Print exactly the lines from the one that contains "Text: પહેરો" through the final line of the entries below, both included, and nothing else; omit the pictures.

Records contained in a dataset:

--*--

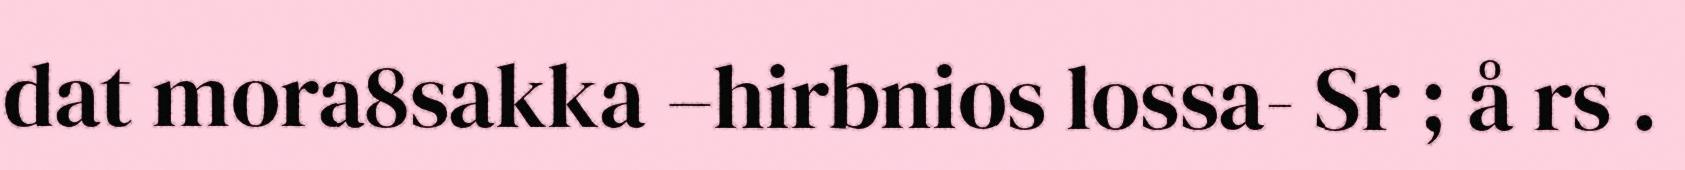
dat mora8sakka –hirbnios lossa- Sr ; å rs .
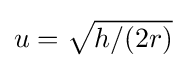
u={\sqrt {h/(2r)}}
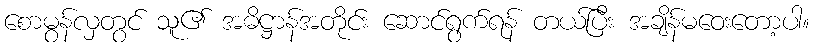
စောမွန်လှတွင် သူ၏ အဓိဋ္ဌာန်အတိုင်း ဆောင်ရွက်ရန် တယ်ပြီး အချိန်မဝေးတော့ပါ။
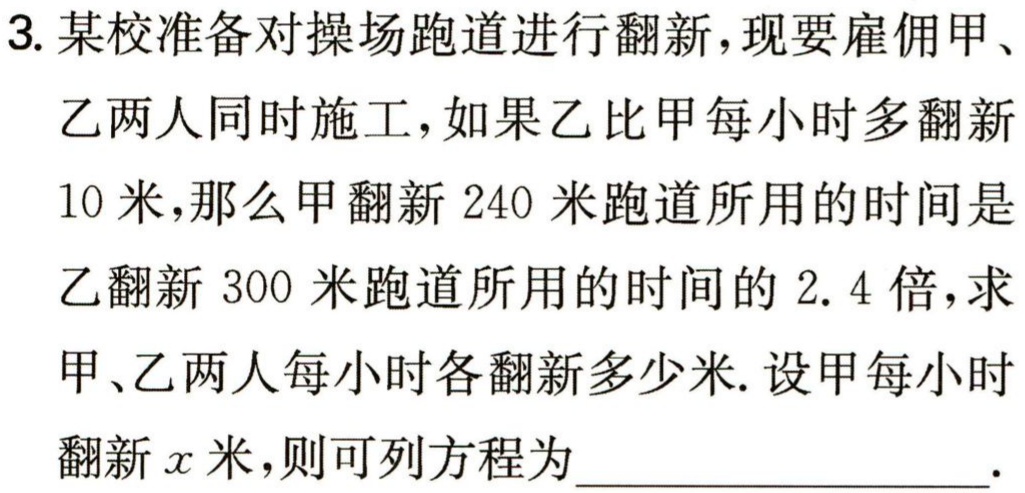
设甲每小时翻新\(x\)米，因为乙比甲每小时多翻新\(10\)米，则乙每小时翻新\((x + 10)\)米。

甲翻新\(240\)米所用时间为\(\frac{240}{x}\)小时，乙翻新\(300\)米所用时间为\(\frac{300}{x + 10}\)小时。

已知甲翻新\(240\)米跑道所用的时间是乙翻新\(300\)米跑道所用时间的\(2.4\)倍，则可列方程为：\(\frac{240}{x}=2.4\times\frac{300}{x + 10}\)
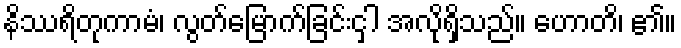
နိဿရိတုကာမံ၊ လွတ်မြောက်ခြင်းငှါ အလိုရှိသည်။ ဟောတိ၊ ၏။
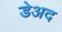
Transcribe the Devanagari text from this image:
डेअद
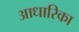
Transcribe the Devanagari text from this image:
आधारिका
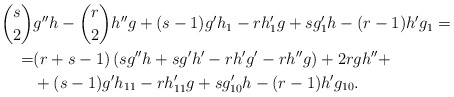
\begin{align*} \binom{s}{2}&g''h-\binom{r}{2}h''g+(s-1)g'h_1-rh_1'g+sg_1'h-(r-1)h'g_1=\\ =&(r+s-1)\left( sg''h+sg'h'-rh'g'-rh''g\right)+2r gh''+\\ &+ (s-1)g'h_{11}-r h_{11}'g+s g_{10}'h-(r-1)h'g_{10}.\end{align*}
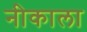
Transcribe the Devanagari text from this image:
नीकाला
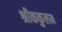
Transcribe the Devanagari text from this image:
श्रीककुलम
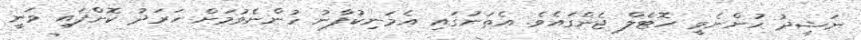
ނަޝީދު ހުންނެވީ ހޮޓެލް ޖެންގައެވެ. އެތަނުގައި އެމަނިކުފާނު ހުންނެވުމަށް ހަރަދު ކޮށްފައި ވަނީ
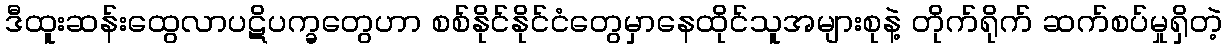
ဒီထူးဆန်းထွေလာပဋိပက္ခတွေဟာ စစ်နိုင်နိုင်ငံတွေမှာနေထိုင်သူအများစုနဲ့ တိုက်ရိုက် ဆက်စပ်မှုရှိတဲ့
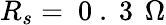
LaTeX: R_{s}=\mathrm{~0~.~3~}\, \Omega
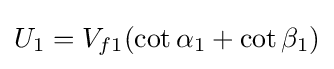
U_{1}=V_{f1}(\cot \alpha _{1}+\cot \beta _{1})
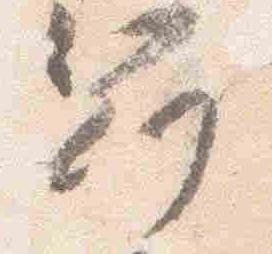
冠
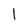
Character: 1
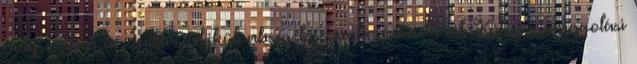
mely esetben a szállítási díjkülönbség kiszámlázásra kerül. Külön csomagolási
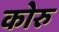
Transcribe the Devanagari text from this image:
कोरु
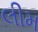
લીમ
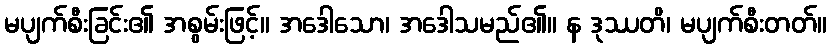
မပျက်စီးခြင်း၏ အစွမ်းဖြင့်။ အဒေါသော၊ အဒေါသမည်၏။ န ဒုဿတိ၊ မပျက်စီးတတ်။
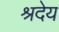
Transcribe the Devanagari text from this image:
श्रदेय
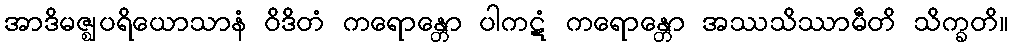
အာဒိမဇ္ဈပရိယောသာနံ ဝိဒိတံ ကရောန္တော ပါကဋံ ကရောန္တော အဿသိဿာမီတိ သိက္ခတိ။
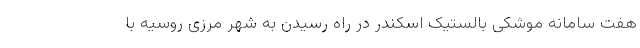
هفت سامانه موشکی بالستیک اسکندر در راه رسیدن به شهر مرزی روسیه با
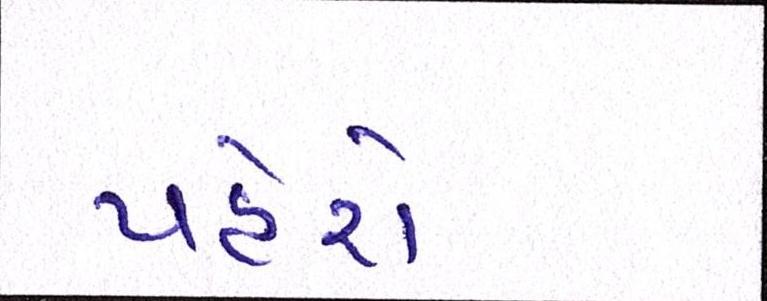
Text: પહેરો
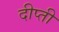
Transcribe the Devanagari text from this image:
दीप्‍ती
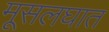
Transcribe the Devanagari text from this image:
मूसलघात
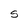
Character: S
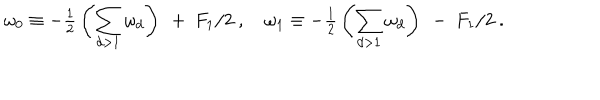
\omega _ { 0 } \equiv - { { \textstyle \frac { 1 } { 2 } } } \left( { \displaystyle \sum _ { d > 1 } \omega _ { d } } \right) \ + \ F _ { 1 } / 2 \ , \quad \omega _ { 1 } \equiv - { { \textstyle \frac { 1 } { 2 } } } \left( { \displaystyle \sum _ { d > 1 } \omega _ { d } } \right) \ - \ F _ { 1 } / 2 \ .
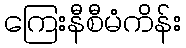
ကြေးနီစီမံကိန်း
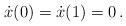
LaTeX: \begin{align*} \dot{x}(0)=\dot{x}(1)=0\,.\end{align*}
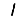
Digit: 1
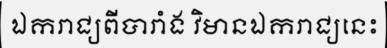
ឯករាជ្យពីបារាំង វិមានឯករាជ្យនេះ
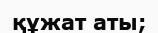
құжат аты;
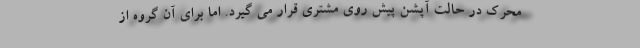
محرک در حالت آپشن پیش روی مشتری قرار می گیرد. اما برای آن گروه از
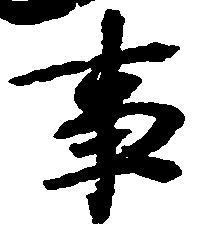
事
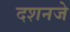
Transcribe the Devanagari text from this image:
दशनजे
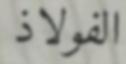
الفولاذ
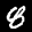
Label: 8
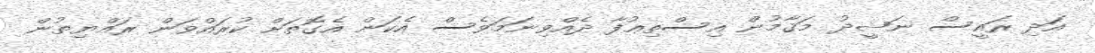
އަދި ރައީސް ނަޝީދު މަޤާމުން އިސްތިޢުފާ ދެއްވިނަމަވެސް އެކަން އެގޮތަށް ކުރައްވަން ރައްޔިތުން
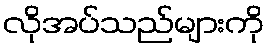
လိုအပ်သည်များကို
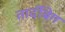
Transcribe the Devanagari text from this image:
तार्दीबेग

--*--

__REPLY__
Text: પહેરો
Transcribe the Devanagari text from this image:
दीप्‍ती
Transcribe the Devanagari text from this image:
मूसलघात
Character: S
\omega _ { 0 } \equiv - { { \textstyle \frac { 1 } { 2 } } } \left( { \displaystyle \sum _ { d > 1 } \omega _ { d } } \right) \ + \ F _ { 1 } / 2 \ , \quad \omega _ { 1 } \equiv - { { \textstyle \frac { 1 } { 2 } } } \left( { \displaystyle \sum _ { d > 1 } \omega _ { d } } \right) \ - \ F _ { 1 } / 2 \ .
ကြေးနီစီမံကိန်း
LaTeX: \begin{align*} \dot{x}(0)=\dot{x}(1)=0\,.\end{align*}
Digit: 1
ឯករាជ្យពីបារាំង វិមានឯករាជ្យនេះ
құжат аты;
محرک در حالت آپشن پیش روی مشتری قرار می گیرد. اما برای آن گروه از
事
Transcribe the Devanagari text from this image:
दशनजे
الفولاذ
Label: 8
އަދި ރައީސް ނަޝީދު މަޤާމުން އިސްތިޢުފާ ދެއްވިނަމަވެސް އެކަން އެގޮތަށް ކުރައްވަން ރައްޔިތުން
လိုအပ်သည်များကို
Transcribe the Devanagari text from this image:
तार्दीबेग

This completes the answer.